_Work to be completed_: Could you set down the listing below exactly and omit its images?

_Records shown_:
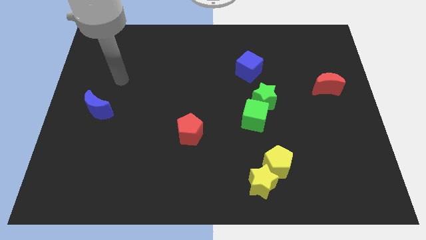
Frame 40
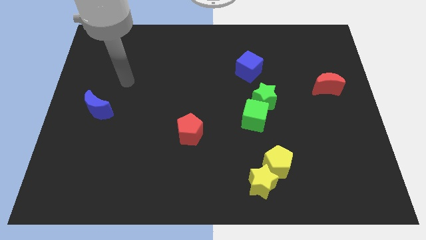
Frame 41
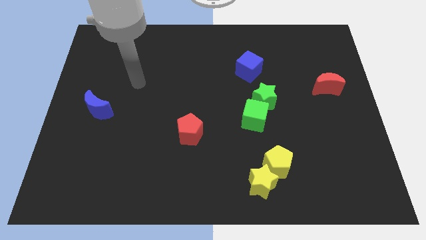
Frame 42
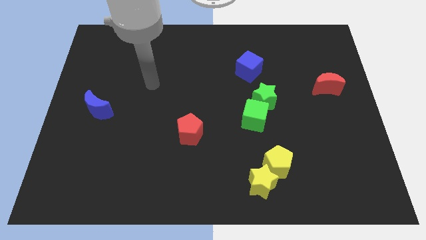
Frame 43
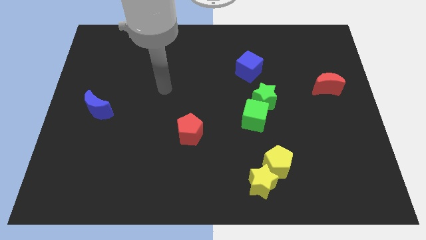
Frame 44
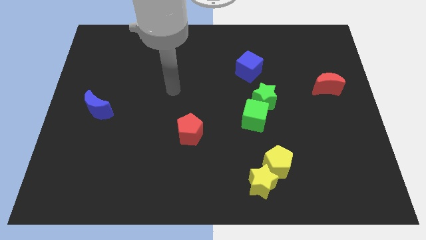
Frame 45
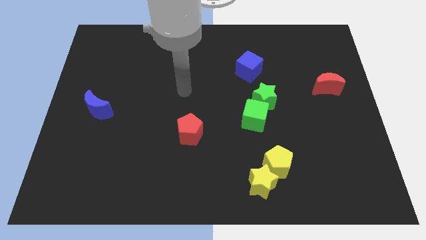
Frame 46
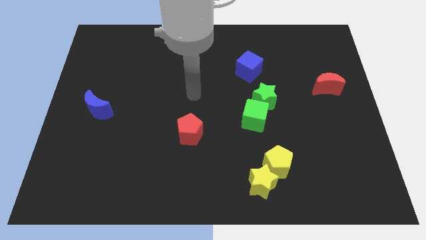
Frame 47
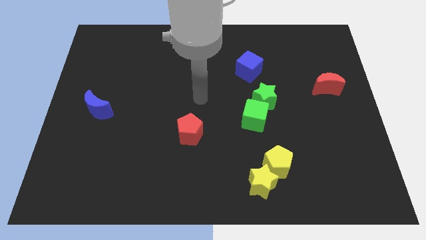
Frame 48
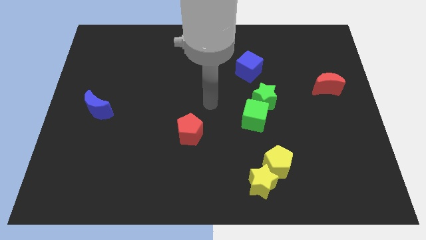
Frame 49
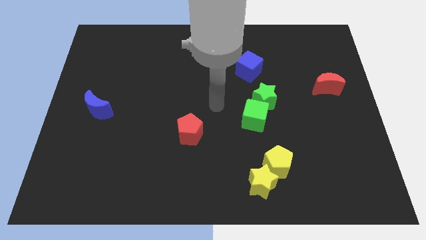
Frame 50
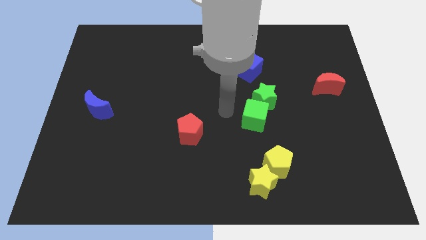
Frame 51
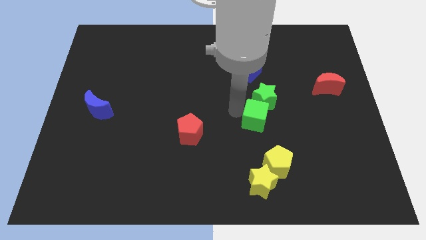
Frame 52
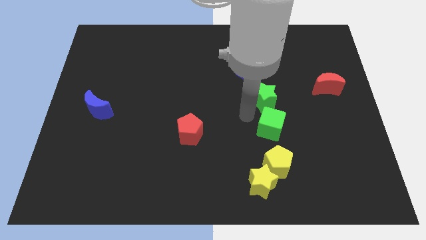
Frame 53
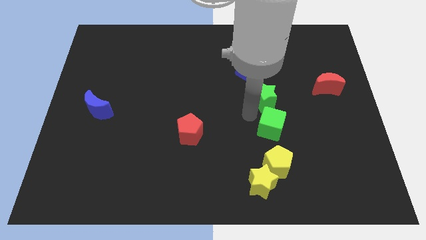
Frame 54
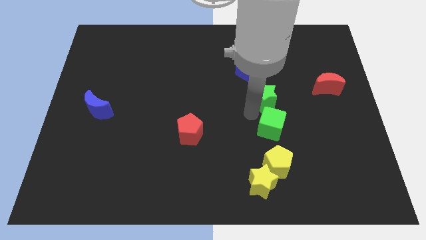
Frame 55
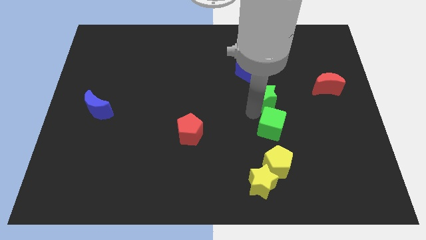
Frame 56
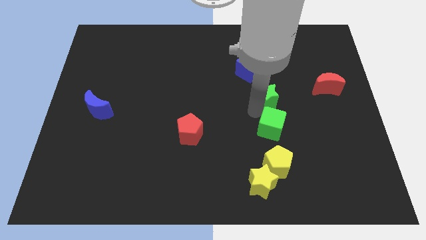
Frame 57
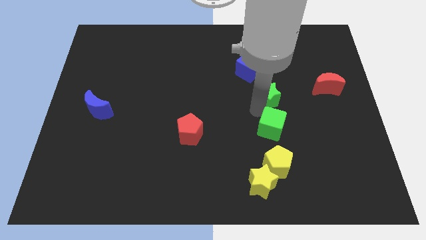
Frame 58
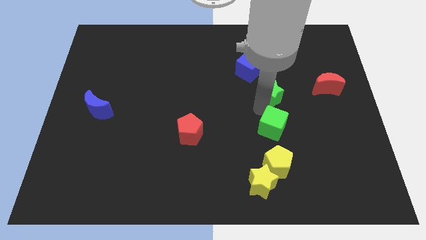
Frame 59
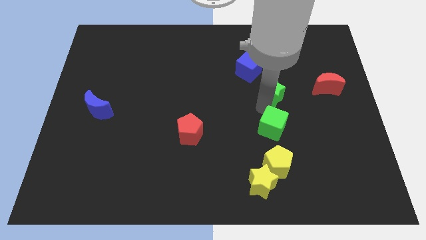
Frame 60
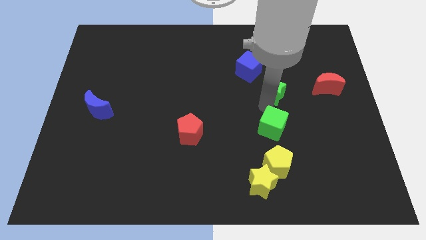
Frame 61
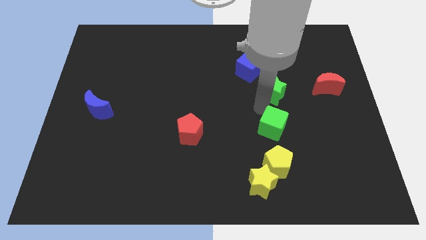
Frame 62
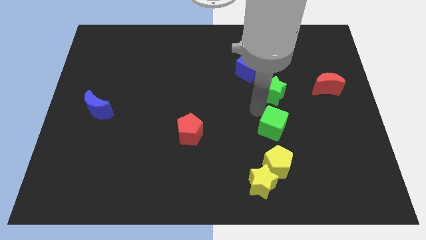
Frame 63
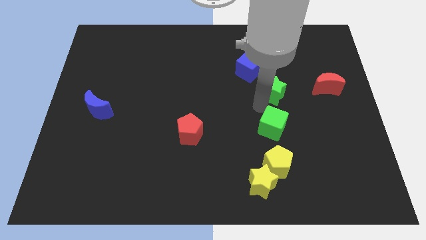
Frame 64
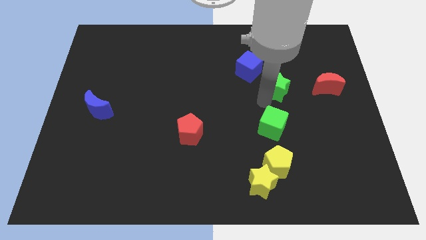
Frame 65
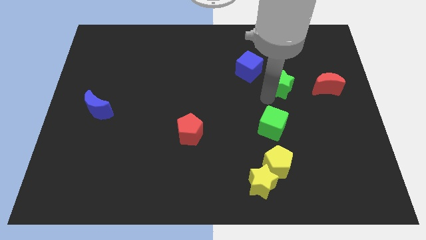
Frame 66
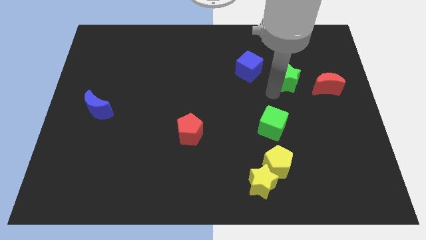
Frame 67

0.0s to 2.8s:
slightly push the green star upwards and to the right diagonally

_Result for this task_:
Frame 40
Frame 41
Frame 42
Frame 43
Frame 44
Frame 45
Frame 46
Frame 47
Frame 48
Frame 49
Frame 50
Frame 51
Frame 52
Frame 53
Frame 54
Frame 55
Frame 56
Frame 57
Frame 58
Frame 59
Frame 60
Frame 61
Frame 62
Frame 63
Frame 64
Frame 65
Frame 66
Frame 67

0.0s to 2.8s:
slightly push the green star upwards and to the right diagonally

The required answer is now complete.